Only the lines from the beginning of the material below through the line with "HE CAR JACKED" should be retyped exactly, and pictures are to be skipped.
***
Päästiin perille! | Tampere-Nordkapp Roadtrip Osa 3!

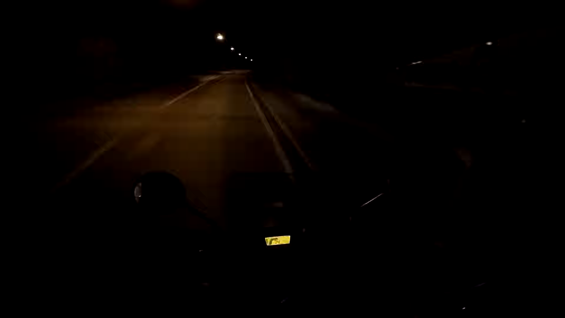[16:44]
Kerran se vaan kärsitään, ehkä mä huomiselle keksin joku patentti. Se taitaa olla koko ajan hieman pieni alamäki. Ei sitä oikein huomaa. Mä netissä kattelin vähän tietoa tästä tunnelista, niin muistaakseni tää on parhaimmillaan 200 metriä merenpinnan alapuolella. Eli käydään aika alhaalla.
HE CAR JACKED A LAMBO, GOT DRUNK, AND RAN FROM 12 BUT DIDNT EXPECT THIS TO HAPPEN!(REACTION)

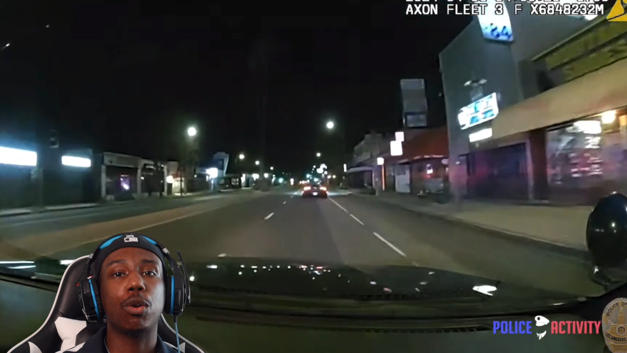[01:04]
He ridin' through that. Let's pull over, man. He ain't worth going to jail and doing all this crazy shit. Just pull over, man. He ain't tryin' to pull over. I ain't gonna lie. He finna gear shifts. You finna get active on they ass. Oh, he pullin' over. He pullin' over. He said he don't want no smoke for 12. He said, I know it's a fast thing, but you know what I'm sayin'? I ain't tryin' to drive it fast. Approaching more Perkins, a club 37.
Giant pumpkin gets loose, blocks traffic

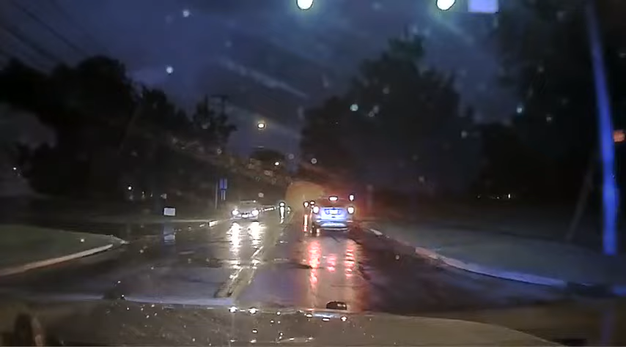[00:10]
As reported, we have an inflatable pumpkin blocking Wolf Road.
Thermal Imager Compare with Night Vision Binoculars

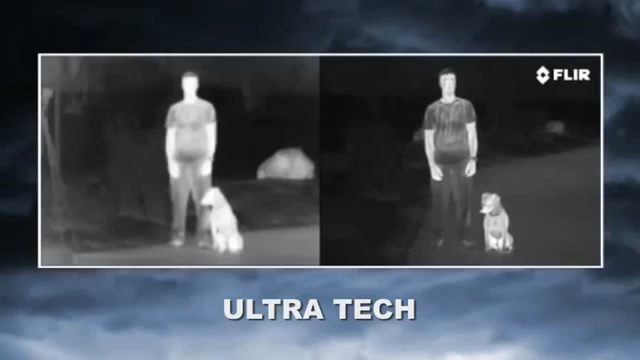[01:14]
With four times the image clarity and detail of earlier systems,
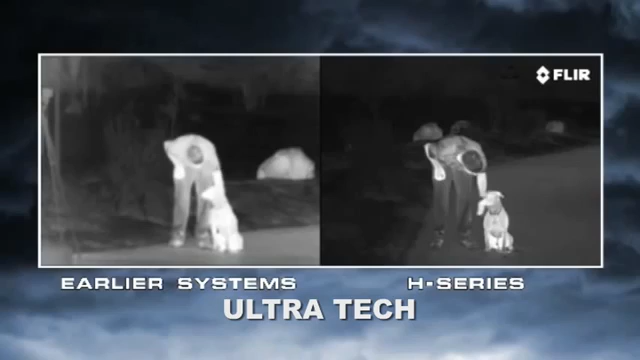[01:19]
the H-Series lets you see more of your surroundings than any other thermal night vision technology in the world, for less than half the price. Thermal cameras provide tactical advantages that other night vision technologies just can't touch.
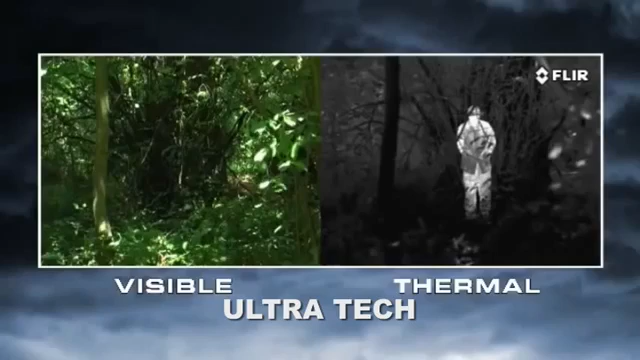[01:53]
Everything on Earth gives off thermal energy called a heat signature, and anything with a heat signature shows up clearly to a thermal camera. This helps you to see things you'd never see with your eyes, or with yesterday's night vision cameras.
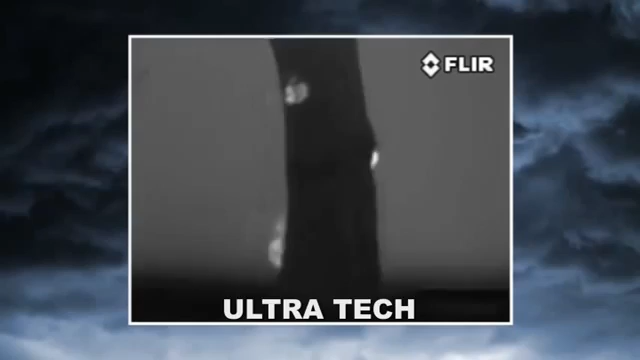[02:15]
Thermal cameras help you to see people lurking in the shadows,
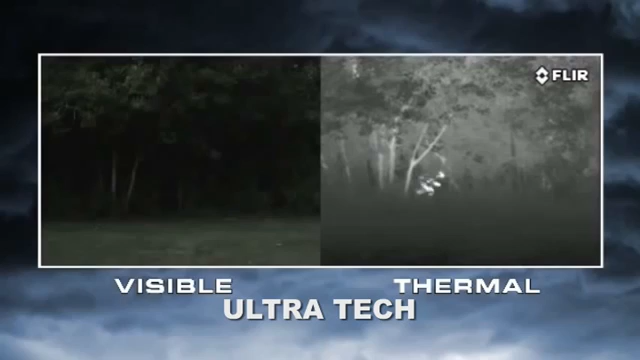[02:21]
hiding in thick foliage, and sneaking around dark parking lots.
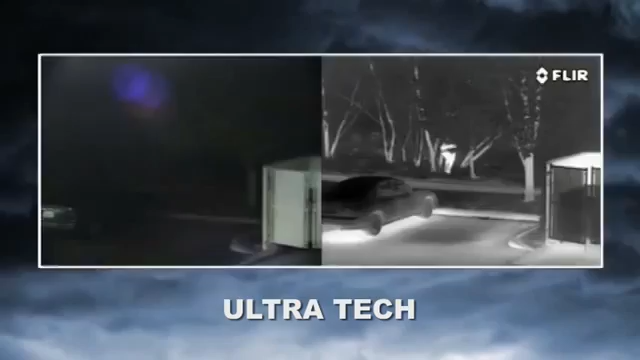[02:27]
They're also effective search and rescue tools in full sunlight and in total darkness, allowing officers to scan large areas quickly and find people before they can come to harm.
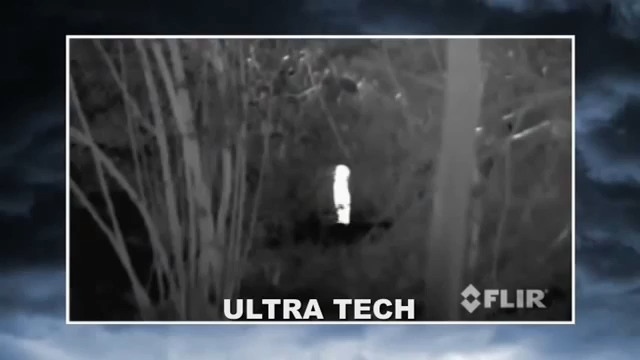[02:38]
Thermal cameras let you see clearly day and night, without the limitations and disadvantages inherent in other common night vision technologies.
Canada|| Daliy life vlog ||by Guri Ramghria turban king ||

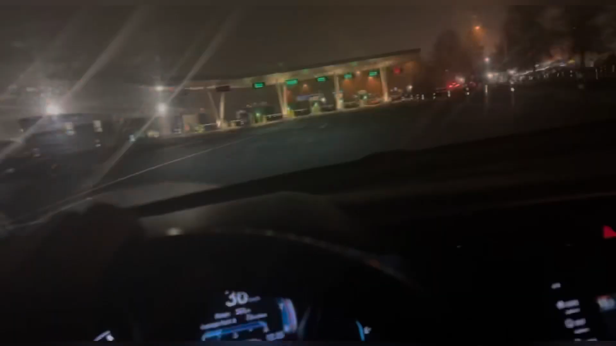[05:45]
टूल प्लाजा कह लिए आपसे पार्किंग टिकट है जी।
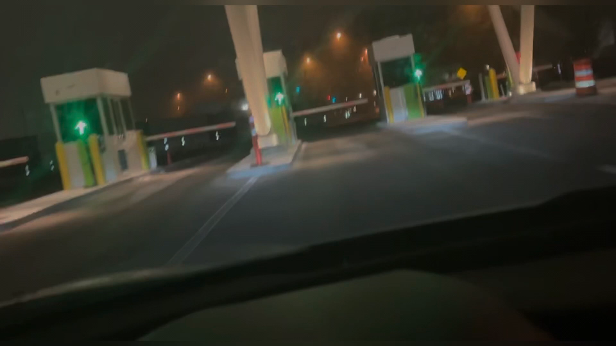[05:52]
इतने जरा सवेरे टोकन लिता से, टोकन जमा करवाना है जी हाँ मशीन चो।
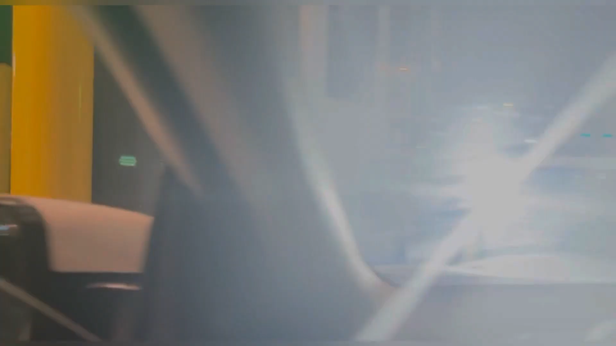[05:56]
देखो फिर उन्हें फोटो खिंच ली, सो आप इतने टोकन पावे।
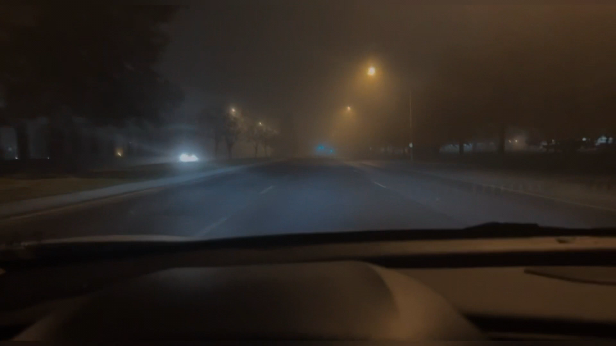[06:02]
तुम देख सकते हैं जिदा कि पूरी धुंद, जिन कोहरा कह दें आप इंडिया, बिल्कुल इंडिया वाग कोहरा जमया पे जी। इतने भी विजिबिलिटी बिल्कुल ही थोड़ी हुई पी है, जिनों अद्धा किलो तुम देख सकते हैं जी।
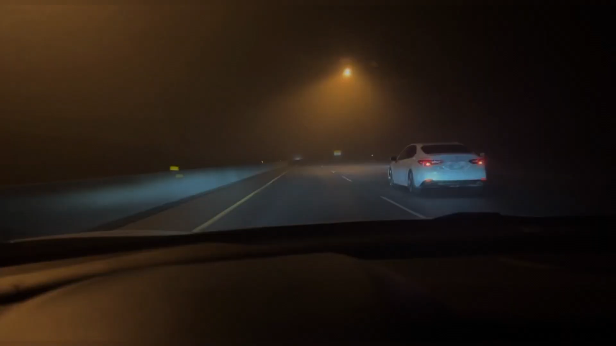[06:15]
विजिबिलिटी बहुत ज़्यादा लो हुई पी आ, कुछ नहीं दिख रहा।
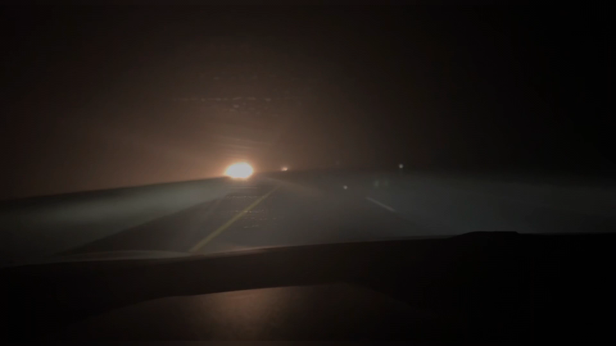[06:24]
सो ड्राइव सेफ बी सेफ, ये बहुत मुश्किल हो रहा है जी। कहिंदे ते है ने टोरोंटो वाले भी सरी वैनकूवर तो स्नो नहीं पैंदी, साढ़े स्नो वध पैंदी आ।
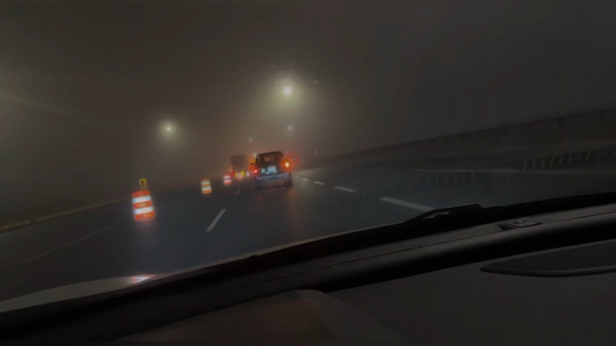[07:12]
जी तुहानूं दिखदा होवे मे बी थोड़ा अगे जाके दिख सकता है। तुसीं देख सकते हैं जी एलेक्स ब्रिज के उत्ते चल रही है, बट दिसना बंद होया पिया एलेक्स ब्रिज।
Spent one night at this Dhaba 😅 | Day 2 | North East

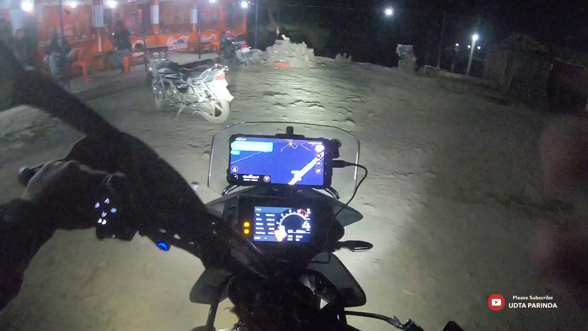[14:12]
सो गाइस यहाँ रुके थे थोड़ा चाय पीने के लिए, रात हो गई यार 9 बज गए, अभी भी 250 किलोमीटर दूर है यहाँ से।
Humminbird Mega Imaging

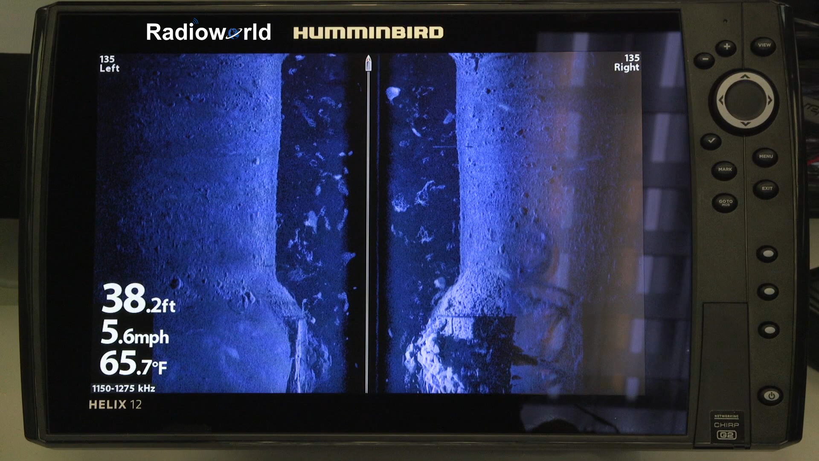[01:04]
On screen: depth 38.2 ft, water 65.7°F, speed 5.6 mph
So what Humminbird's doing this year is using megahertz rather than just kilohertz. You'll see in the bottom corner of the screen there when the simulation bar goes away we're at 1150 to 1275 kilohertz which is basically 1.1 to 1.2 megahertz. So they're the first company to do this and what it actually allows is much greater detail in the side imaging as well as the down imaging.
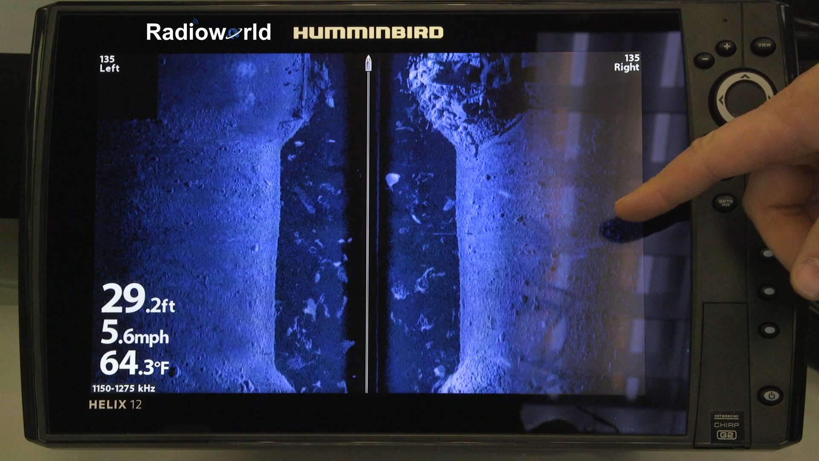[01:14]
On screen: depth 29.2 ft, water 64.3°F, speed 5.6 mph
You can see that the detail that Humminbird has now is really second to none.
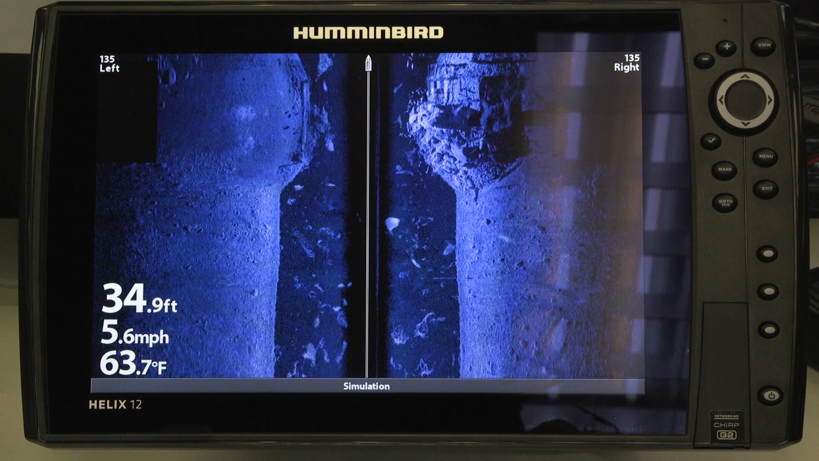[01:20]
On screen: depth 34.9 ft, water 63.7°F, speed 5.6 mph
So we're looking at the 12 inch Humminbird here the Helix 12 G2N with chirp. Now the whole line is changed to these G2 or G2N models. The N signifies that they will network with other units. That's available in the 7 inch and up models and then just the G2 which is available in all of them 5, 7, 9, 10 and 12. Those ones have the chirp sonar. Now last year we had chirp sonar in the 12 but now it's through the entire range. So you can see on this unit here we're running 175 to 225 kilohertz
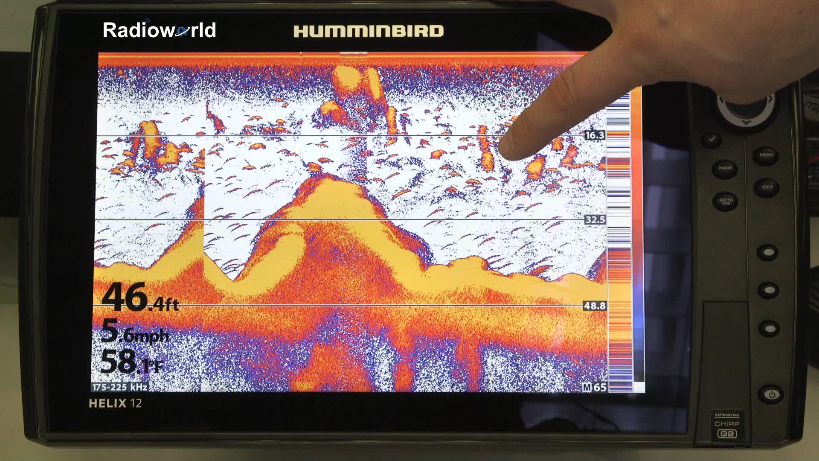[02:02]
On screen: depth 46.4 ft, water 58.1°F, speed 5.6 mph
and what that does is really gives us a lot more detail on our sonar screen than we've ever ever had before. It really helps with separation. You can see right here a great example there's a fish arch in around that cloud of bait. So you'll see that in much greater detail. In the past or when you're not using chirp that will just blend in and you probably wouldn't even know that that fish was there.
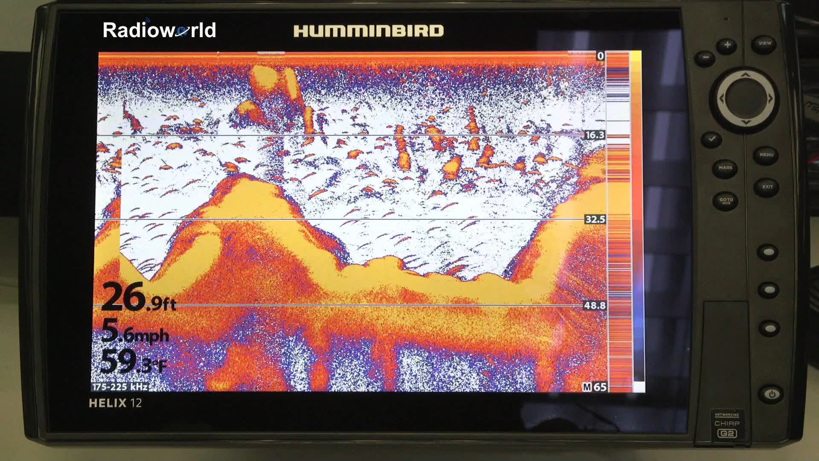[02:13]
On screen: depth 26.9 ft, water 59.3°F, speed 5.6 mph
So chirp's a really big advantage. It's great to see in all these Hummingbird units.
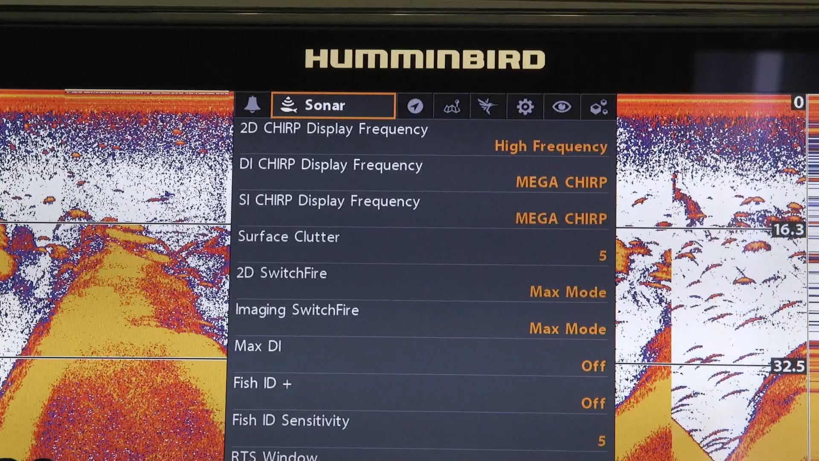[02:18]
So on the G2 Helix units we have the chirp frequencies available in high frequency on our standard sonar.
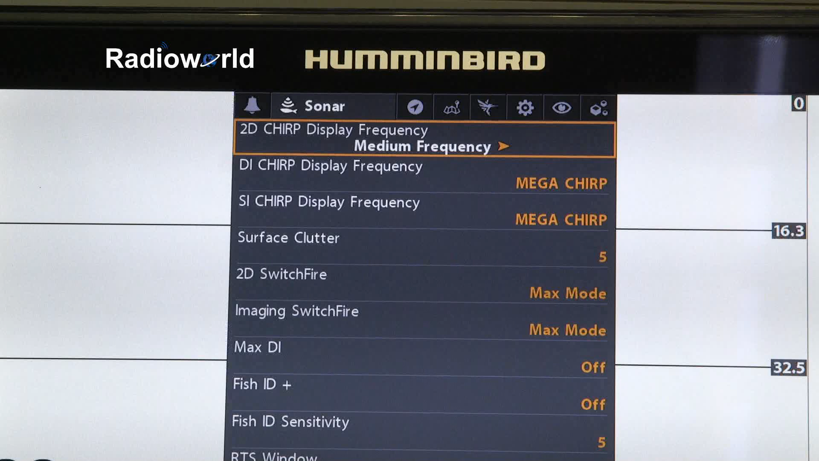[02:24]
We also have a medium frequency which would be in and around the 83 kilohertz range. High frequency would be around 200s and then we also have the medium and high. And when we go over to the down imaging we have the mega chirp. We have 800 and 455.
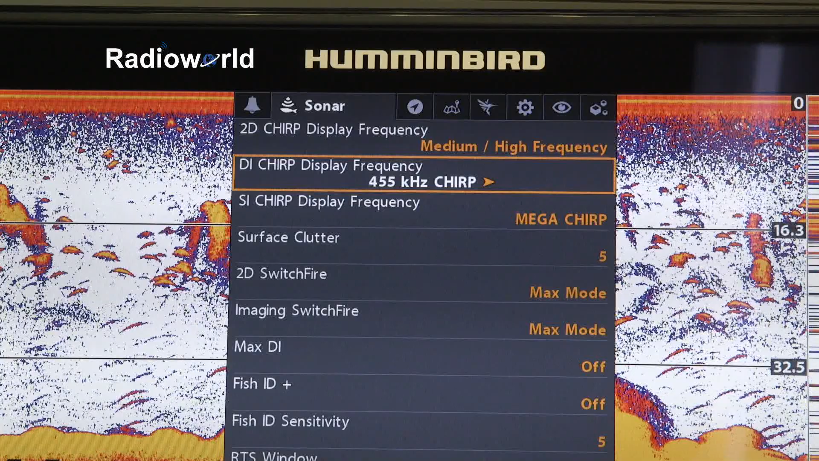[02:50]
Side imaging is the same mega 800 and 455. And the thing to notice here is the 455 and 800 are now chirp frequencies. So they're actually going to be much more detailed than what we've had in the past just with the traditional 800 and 455.
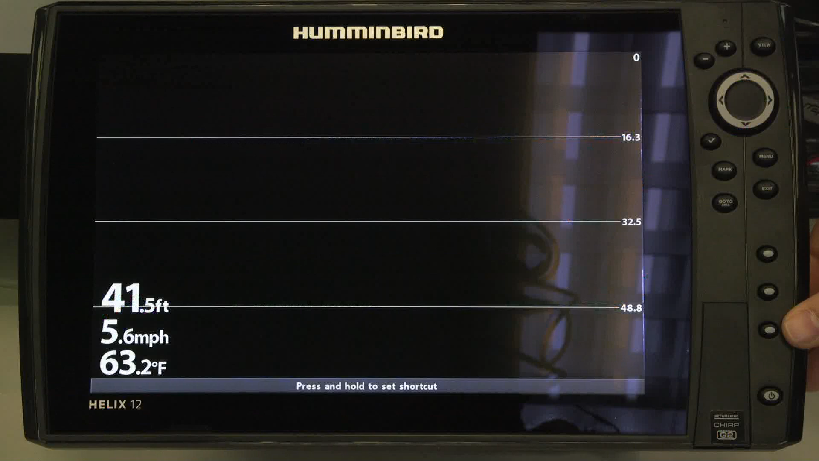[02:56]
***
RESPONSE:
Päästiin perille! | Tampere-Nordkapp Roadtrip Osa 3!

[16:44]
Kerran se vaan kärsitään, ehkä mä huomiselle keksin joku patentti. Se taitaa olla koko ajan hieman pieni alamäki. Ei sitä oikein huomaa. Mä netissä kattelin vähän tietoa tästä tunnelista, niin muistaakseni tää on parhaimmillaan 200 metriä merenpinnan alapuolella. Eli käydään aika alhaalla.
HE CAR JACKED A LAMBO, GOT DRUNK, AND RAN FROM 12 BUT DIDNT EXPECT THIS TO HAPPEN!(REACTION)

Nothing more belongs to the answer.